(Task directions)
Extract the full listing verbatim and drop any pictures from your copy.

(Data shown)
== Segment start ==

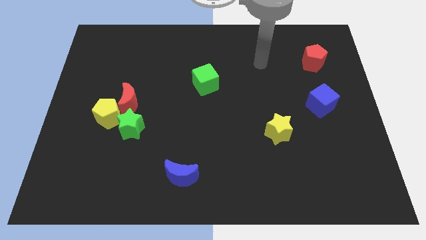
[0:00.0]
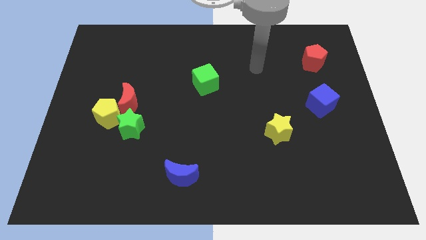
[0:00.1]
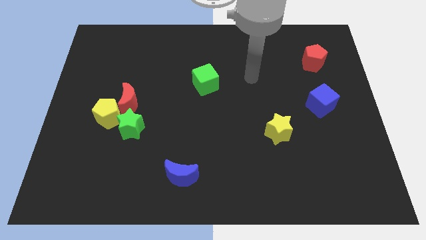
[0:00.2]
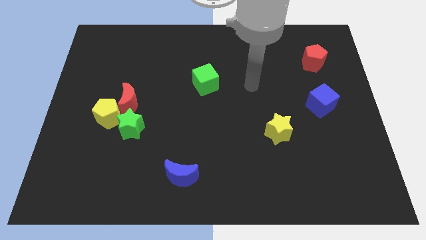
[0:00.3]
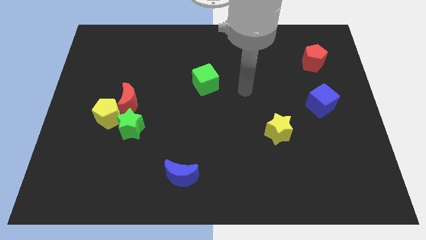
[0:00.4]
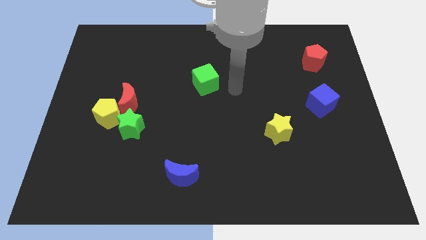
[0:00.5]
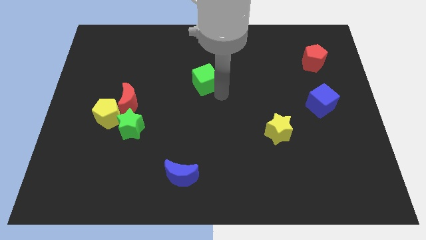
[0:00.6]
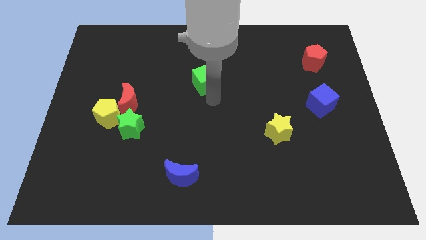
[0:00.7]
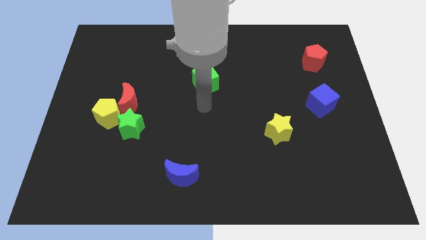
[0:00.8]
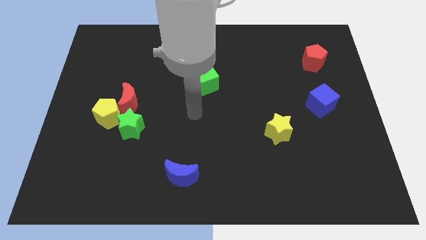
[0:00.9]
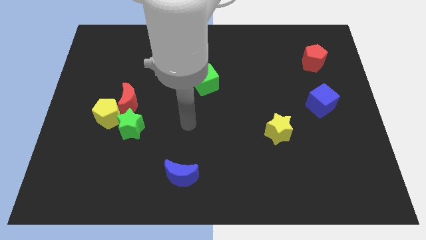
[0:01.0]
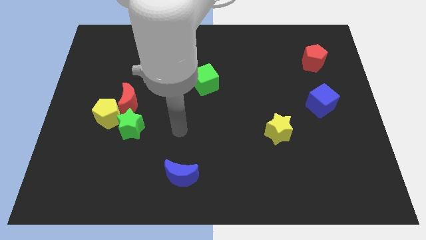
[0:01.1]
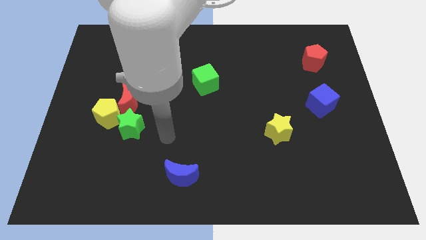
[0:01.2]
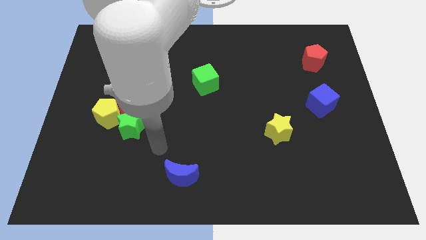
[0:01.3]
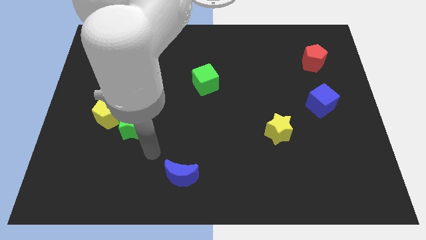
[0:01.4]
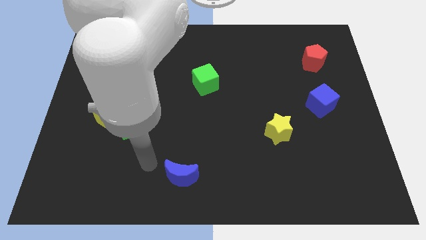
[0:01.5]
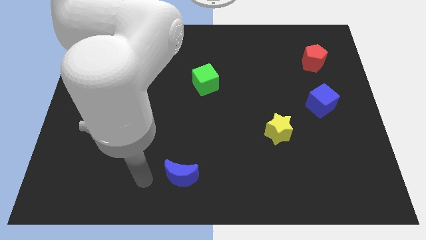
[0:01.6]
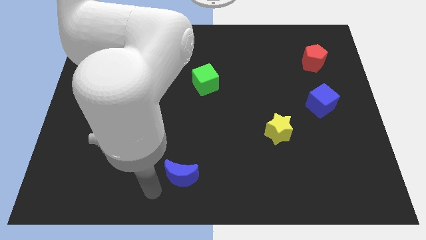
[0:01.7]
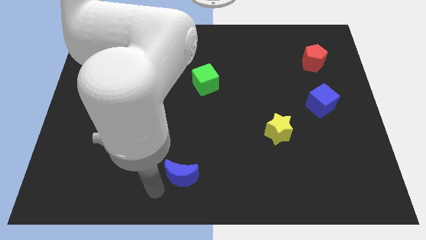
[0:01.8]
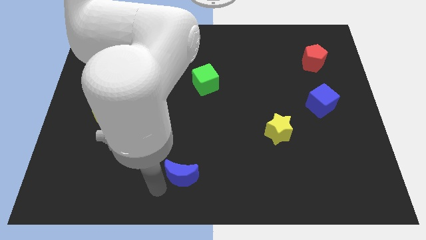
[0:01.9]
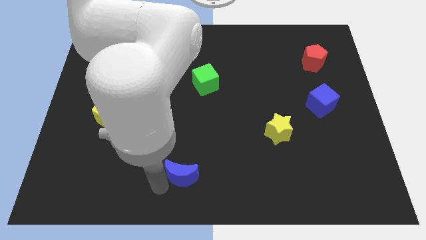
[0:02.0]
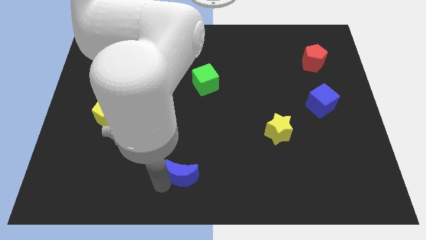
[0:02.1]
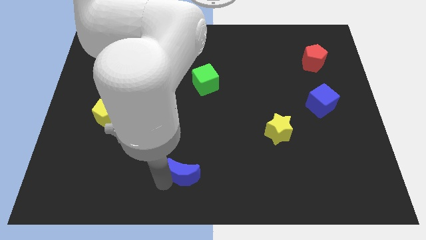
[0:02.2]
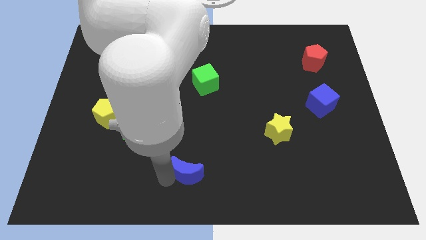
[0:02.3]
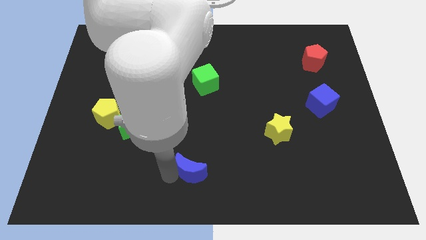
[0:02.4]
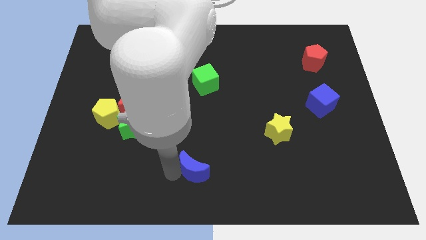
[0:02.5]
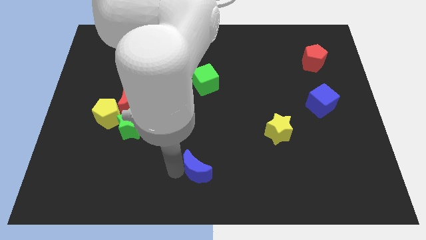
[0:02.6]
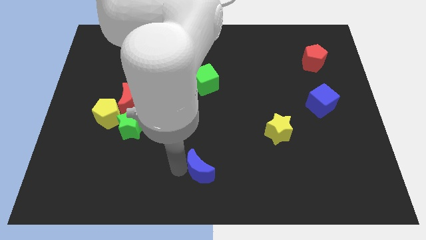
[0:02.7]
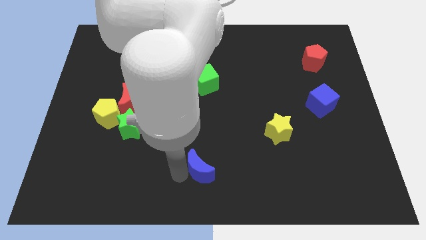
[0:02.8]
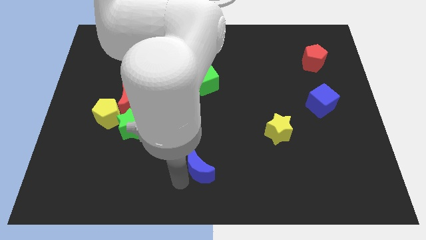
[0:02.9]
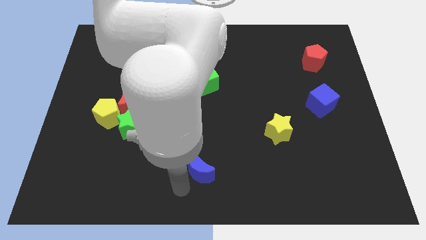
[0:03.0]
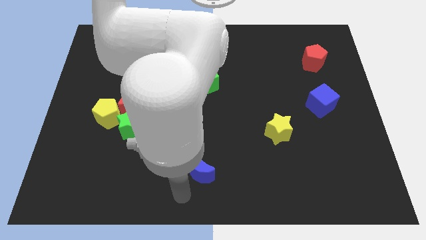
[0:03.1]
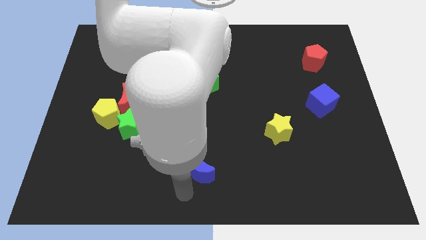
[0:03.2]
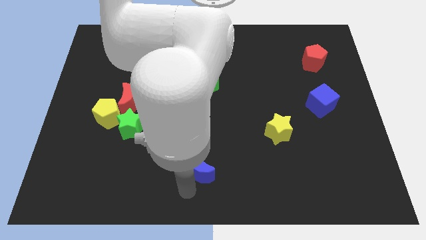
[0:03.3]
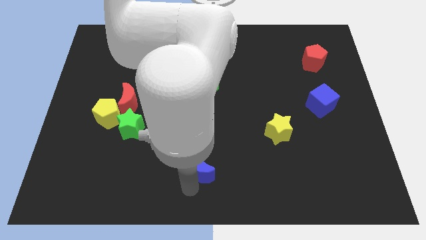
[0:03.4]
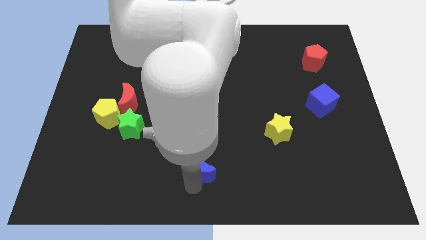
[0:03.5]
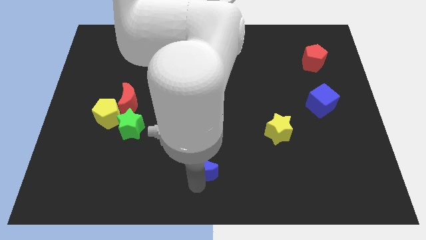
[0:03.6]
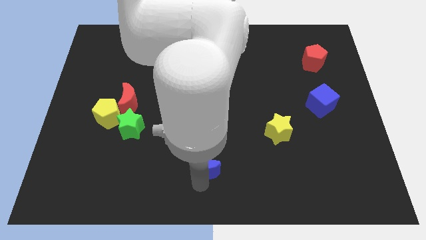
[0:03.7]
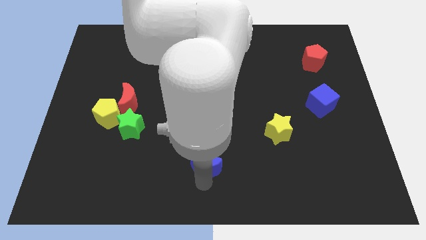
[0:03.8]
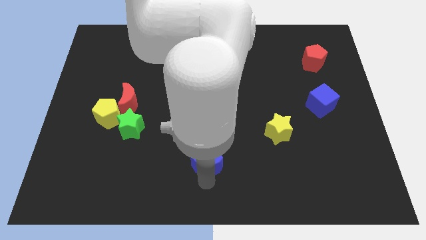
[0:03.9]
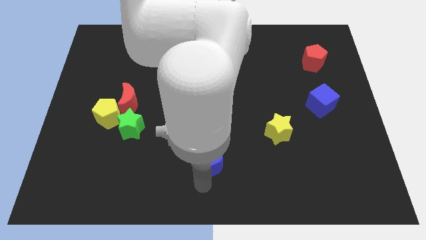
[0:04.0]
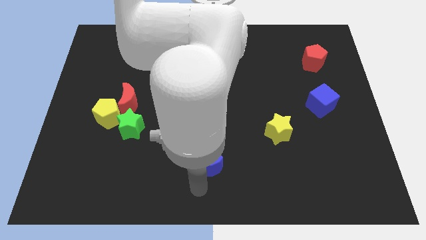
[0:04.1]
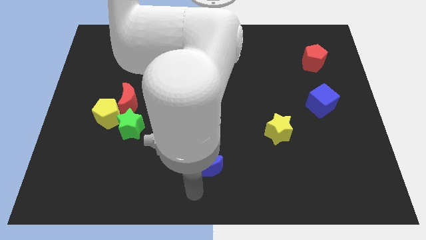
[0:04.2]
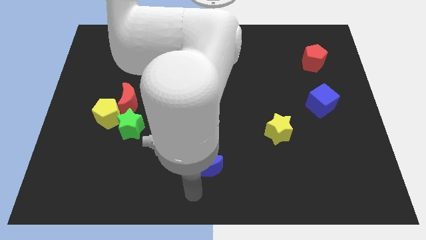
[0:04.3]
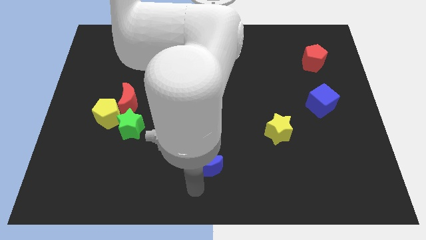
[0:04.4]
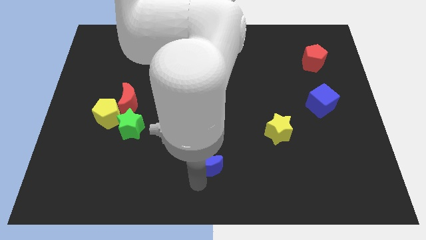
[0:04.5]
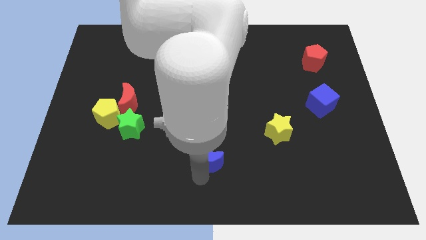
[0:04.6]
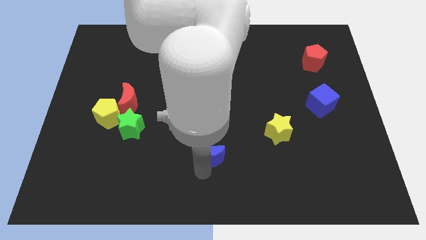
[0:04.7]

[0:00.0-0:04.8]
slightly push the blue moon up and then to the right

== Segment end ==

(Output of the task)
[0:00.0]
[0:00.1]
[0:00.2]
[0:00.3]
[0:00.4]
[0:00.5]
[0:00.6]
[0:00.7]
[0:00.8]
[0:00.9]
[0:01.0]
[0:01.1]
[0:01.2]
[0:01.3]
[0:01.4]
[0:01.5]
[0:01.6]
[0:01.7]
[0:01.8]
[0:01.9]
[0:02.0]
[0:02.1]
[0:02.2]
[0:02.3]
[0:02.4]
[0:02.5]
[0:02.6]
[0:02.7]
[0:02.8]
[0:02.9]
[0:03.0]
[0:03.1]
[0:03.2]
[0:03.3]
[0:03.4]
[0:03.5]
[0:03.6]
[0:03.7]
[0:03.8]
[0:03.9]
[0:04.0]
[0:04.1]
[0:04.2]
[0:04.3]
[0:04.4]
[0:04.5]
[0:04.6]
[0:04.7]

[0:00.0-0:04.8]
slightly push the blue moon up and then to the right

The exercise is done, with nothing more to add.